Below are some entries. Return exactly the lines from the one with "main class: Grassland" through the final line, leaving out any pictures.
BEGIN Raw data
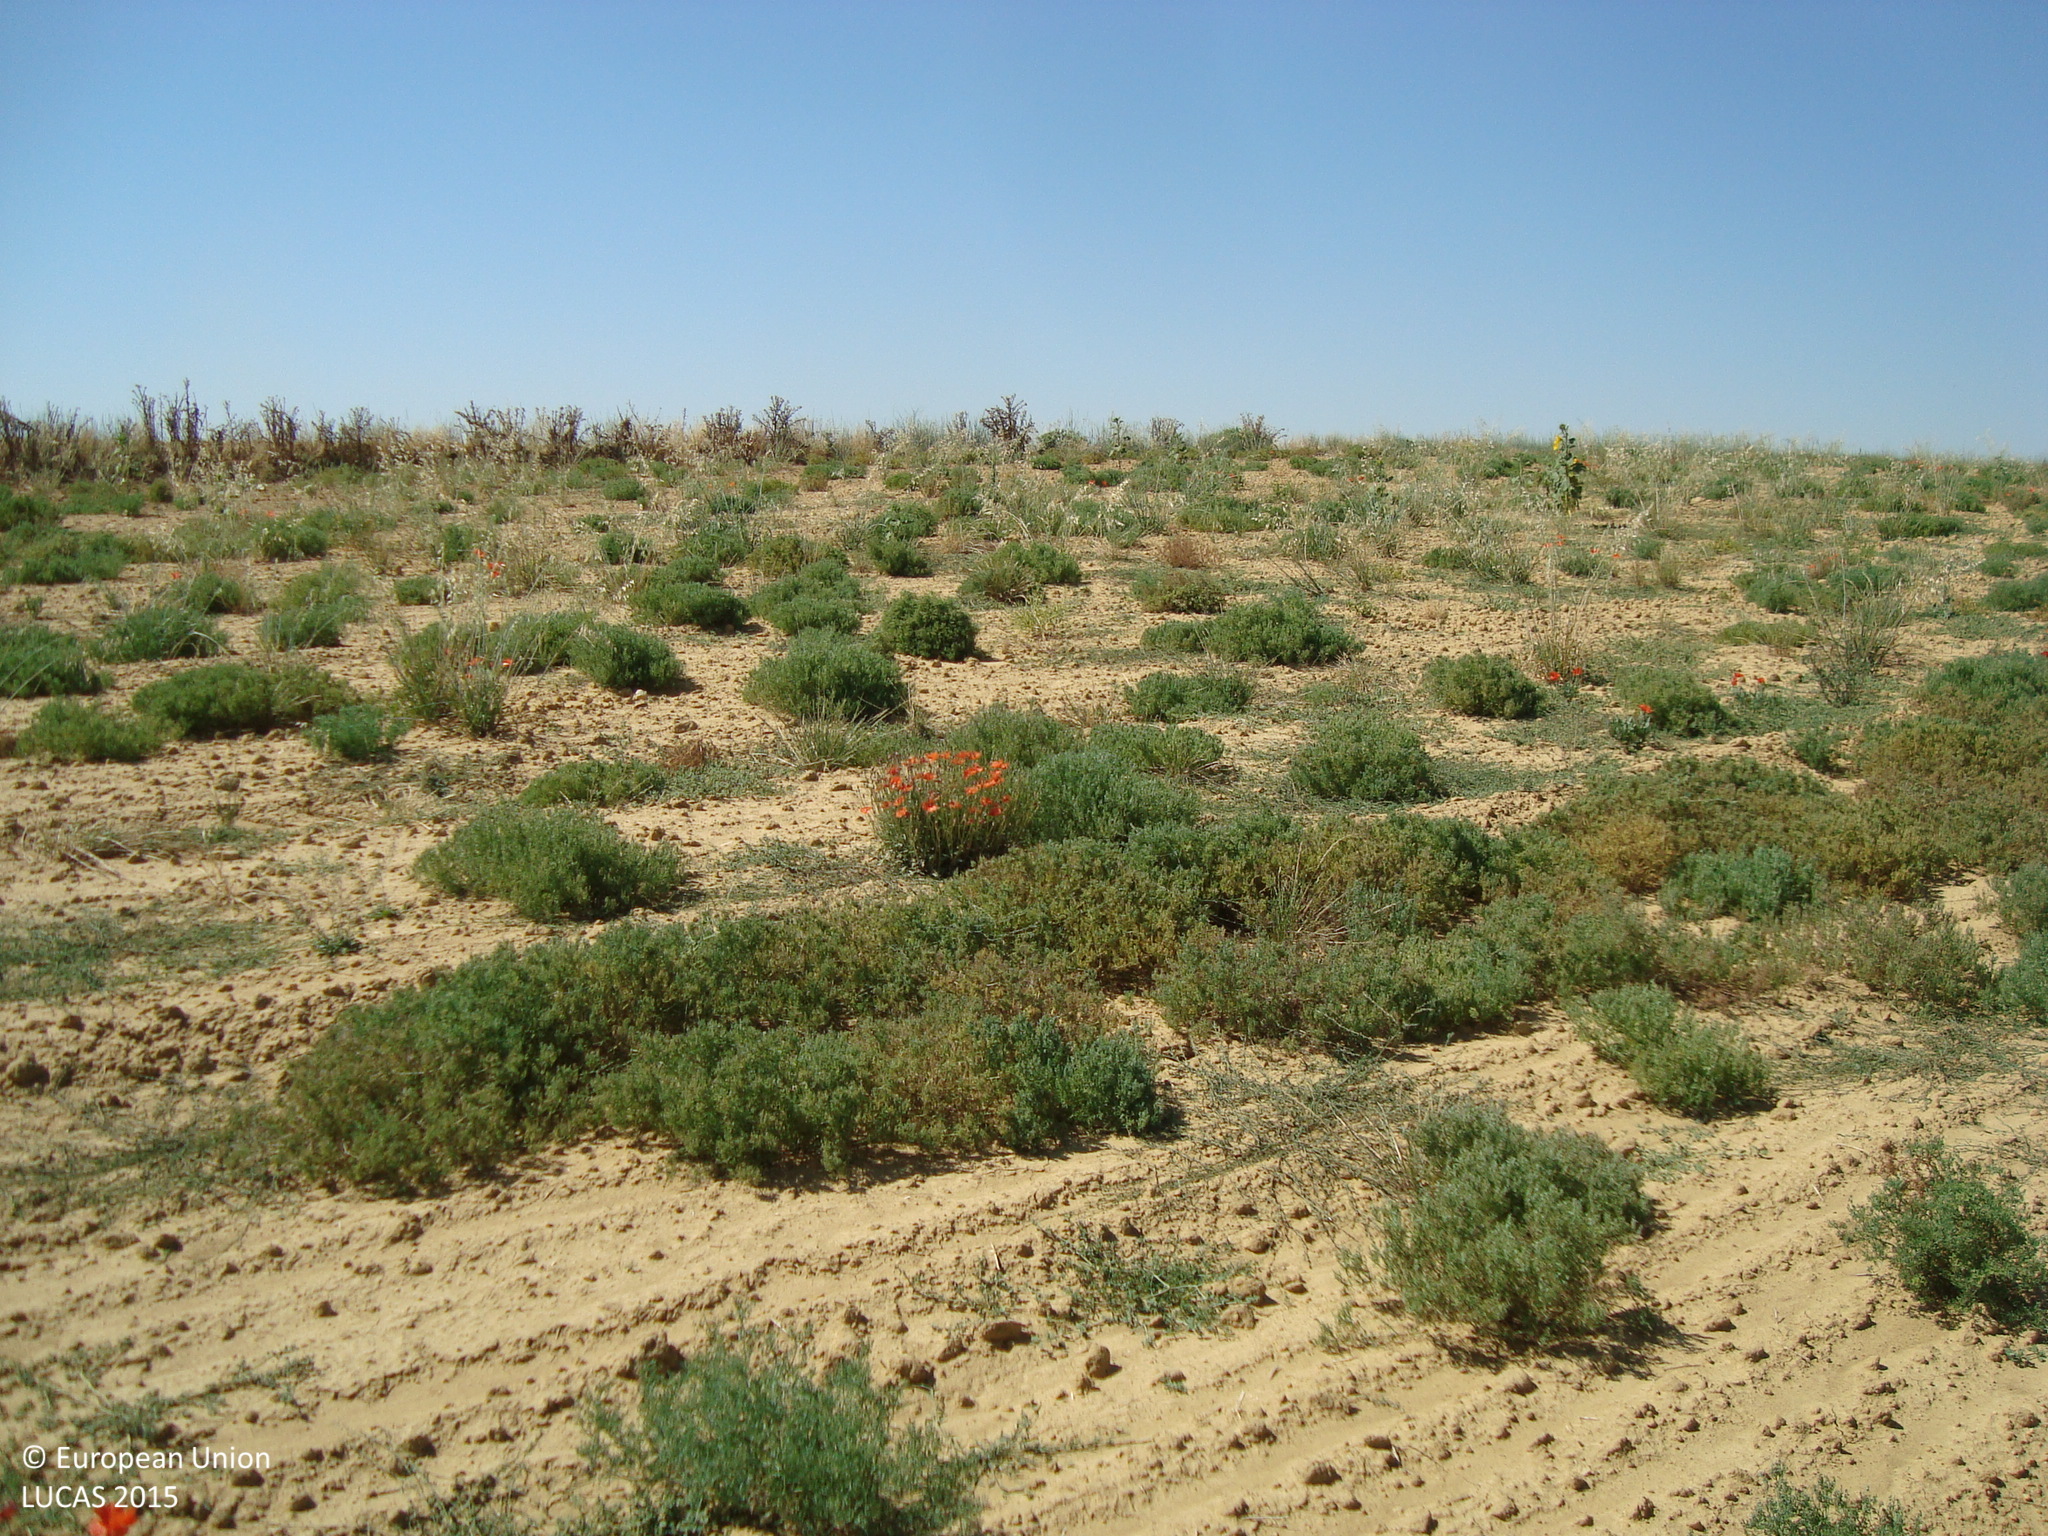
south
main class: Grassland
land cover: Spontaneously vegetated surfaces
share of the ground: 25 - 50 %
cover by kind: unconsolidated bare surface 60 %, herbaceous plants 40 %
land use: Abandoned areas
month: July
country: ES
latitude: 42.0576
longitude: -4.7810
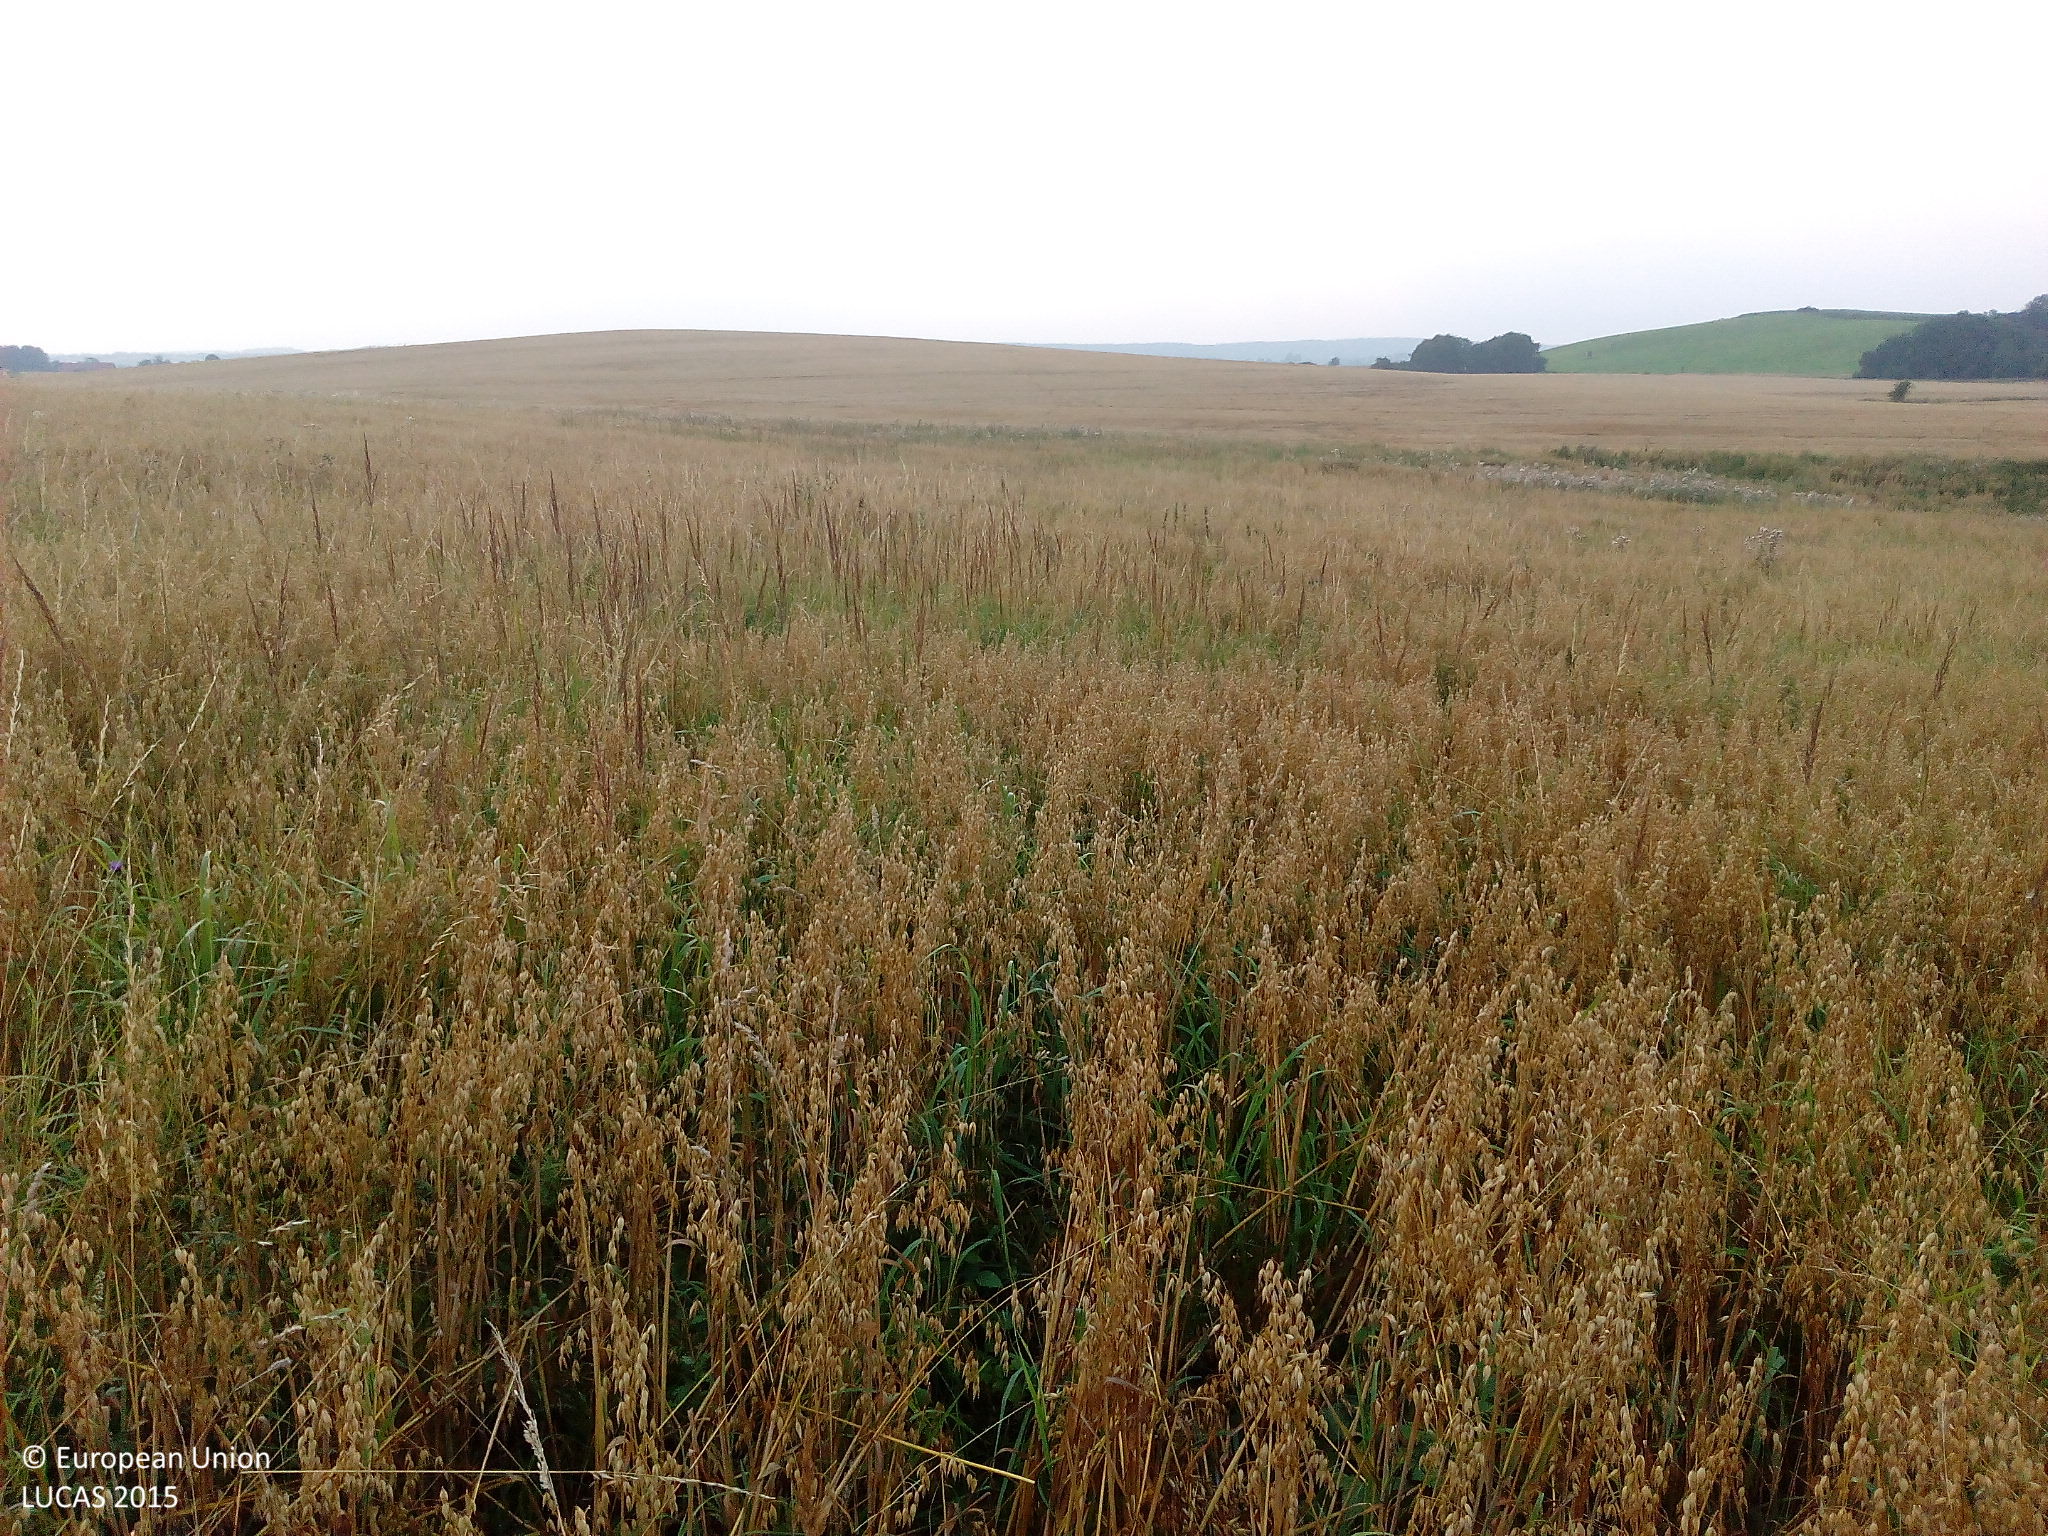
END Raw data
Task output
main class: Grassland
land cover: Spontaneously vegetated surfaces
share of the ground: 25 - 50 %
cover by kind: unconsolidated bare surface 60 %, herbaceous plants 40 %
land use: Abandoned areas
month: July
country: ES
latitude: 42.0576
longitude: -4.7810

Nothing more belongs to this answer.